— RAW DATA —
<<<<

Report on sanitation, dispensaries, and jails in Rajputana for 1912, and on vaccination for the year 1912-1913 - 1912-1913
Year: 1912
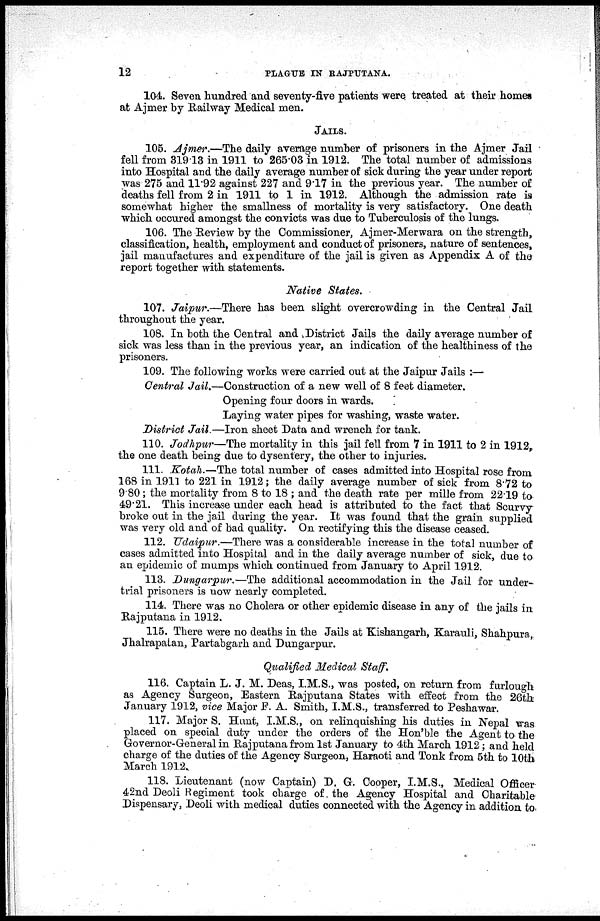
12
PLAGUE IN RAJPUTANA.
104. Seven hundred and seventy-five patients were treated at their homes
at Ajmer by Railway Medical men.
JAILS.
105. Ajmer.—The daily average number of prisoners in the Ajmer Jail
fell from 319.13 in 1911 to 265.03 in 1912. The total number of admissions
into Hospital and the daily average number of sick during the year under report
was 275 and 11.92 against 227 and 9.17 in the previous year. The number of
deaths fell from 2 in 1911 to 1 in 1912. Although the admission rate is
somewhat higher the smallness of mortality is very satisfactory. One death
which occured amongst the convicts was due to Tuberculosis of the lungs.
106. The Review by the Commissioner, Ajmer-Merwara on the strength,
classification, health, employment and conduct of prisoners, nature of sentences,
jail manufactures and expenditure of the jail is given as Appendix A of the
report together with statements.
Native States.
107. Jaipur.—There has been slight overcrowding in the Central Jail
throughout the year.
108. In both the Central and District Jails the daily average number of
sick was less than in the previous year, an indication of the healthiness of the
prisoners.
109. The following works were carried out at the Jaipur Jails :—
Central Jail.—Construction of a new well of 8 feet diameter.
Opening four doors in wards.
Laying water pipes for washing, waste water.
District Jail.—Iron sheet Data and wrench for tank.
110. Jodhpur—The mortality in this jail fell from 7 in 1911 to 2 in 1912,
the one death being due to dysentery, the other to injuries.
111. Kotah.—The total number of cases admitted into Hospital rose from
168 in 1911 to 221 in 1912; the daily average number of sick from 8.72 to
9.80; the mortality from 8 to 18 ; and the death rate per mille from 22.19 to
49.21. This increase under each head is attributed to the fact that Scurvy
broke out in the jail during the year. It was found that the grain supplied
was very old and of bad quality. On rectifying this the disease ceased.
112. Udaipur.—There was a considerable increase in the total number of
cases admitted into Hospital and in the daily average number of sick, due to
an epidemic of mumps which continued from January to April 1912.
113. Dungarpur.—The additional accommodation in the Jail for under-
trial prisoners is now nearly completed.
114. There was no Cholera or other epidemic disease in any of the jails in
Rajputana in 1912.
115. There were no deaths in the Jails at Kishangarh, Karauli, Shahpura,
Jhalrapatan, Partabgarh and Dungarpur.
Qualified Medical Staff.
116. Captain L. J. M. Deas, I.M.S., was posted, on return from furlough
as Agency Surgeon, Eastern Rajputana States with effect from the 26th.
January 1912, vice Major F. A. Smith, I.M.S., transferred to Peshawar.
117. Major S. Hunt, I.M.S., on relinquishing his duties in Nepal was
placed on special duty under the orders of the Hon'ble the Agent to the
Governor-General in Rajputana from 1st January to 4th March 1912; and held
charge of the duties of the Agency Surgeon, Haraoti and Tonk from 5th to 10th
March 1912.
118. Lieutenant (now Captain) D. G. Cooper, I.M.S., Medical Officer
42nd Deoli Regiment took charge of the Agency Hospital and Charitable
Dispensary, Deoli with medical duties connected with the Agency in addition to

>>>>
<<<<

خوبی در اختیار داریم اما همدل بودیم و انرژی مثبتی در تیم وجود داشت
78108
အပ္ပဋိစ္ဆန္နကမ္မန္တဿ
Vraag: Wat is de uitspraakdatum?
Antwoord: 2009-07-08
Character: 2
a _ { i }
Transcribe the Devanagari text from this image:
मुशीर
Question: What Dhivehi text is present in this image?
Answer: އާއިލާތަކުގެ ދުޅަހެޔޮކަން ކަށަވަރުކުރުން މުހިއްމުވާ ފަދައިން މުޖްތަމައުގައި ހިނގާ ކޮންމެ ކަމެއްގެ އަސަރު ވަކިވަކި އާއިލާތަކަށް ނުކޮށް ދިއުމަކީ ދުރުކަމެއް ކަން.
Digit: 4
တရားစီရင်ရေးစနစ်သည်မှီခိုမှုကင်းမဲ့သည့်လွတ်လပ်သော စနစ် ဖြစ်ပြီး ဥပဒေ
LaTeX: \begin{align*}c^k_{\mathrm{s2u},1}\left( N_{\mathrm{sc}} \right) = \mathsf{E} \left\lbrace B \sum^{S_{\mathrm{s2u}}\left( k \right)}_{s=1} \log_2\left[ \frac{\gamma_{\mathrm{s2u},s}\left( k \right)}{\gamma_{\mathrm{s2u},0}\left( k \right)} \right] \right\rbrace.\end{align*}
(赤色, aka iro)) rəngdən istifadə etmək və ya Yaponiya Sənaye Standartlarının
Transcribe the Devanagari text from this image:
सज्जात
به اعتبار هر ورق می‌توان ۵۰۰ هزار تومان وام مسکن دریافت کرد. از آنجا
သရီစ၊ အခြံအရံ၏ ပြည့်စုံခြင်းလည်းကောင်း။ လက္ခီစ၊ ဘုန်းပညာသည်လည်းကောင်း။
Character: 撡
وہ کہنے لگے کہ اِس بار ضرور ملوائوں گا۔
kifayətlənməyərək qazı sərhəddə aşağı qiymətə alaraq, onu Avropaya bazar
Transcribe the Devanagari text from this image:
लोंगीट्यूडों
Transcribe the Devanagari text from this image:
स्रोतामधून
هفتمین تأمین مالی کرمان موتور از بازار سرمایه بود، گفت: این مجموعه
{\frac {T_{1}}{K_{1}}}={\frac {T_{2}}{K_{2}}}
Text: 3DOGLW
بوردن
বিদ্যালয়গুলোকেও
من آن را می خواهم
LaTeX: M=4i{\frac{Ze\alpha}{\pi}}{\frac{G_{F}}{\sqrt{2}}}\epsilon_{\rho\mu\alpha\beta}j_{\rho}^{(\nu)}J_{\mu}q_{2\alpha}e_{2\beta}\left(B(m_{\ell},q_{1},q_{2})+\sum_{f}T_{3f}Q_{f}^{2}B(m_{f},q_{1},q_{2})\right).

>>>>

— WHAT IS NEEDED —
The reply should consist solely of the lines above from the one that has "Vraag: Wat is de uitspraakdatum?" through the one that has "Question: What Dhivehi", reproduced exactly.

— ANSWER TO THE PROBLEM —
Vraag: Wat is de uitspraakdatum?
Antwoord: 2009-07-08
Character: 2
a _ { i }
Transcribe the Devanagari text from this image:
मुशीर
Question: What Dhivehi text is present in this image?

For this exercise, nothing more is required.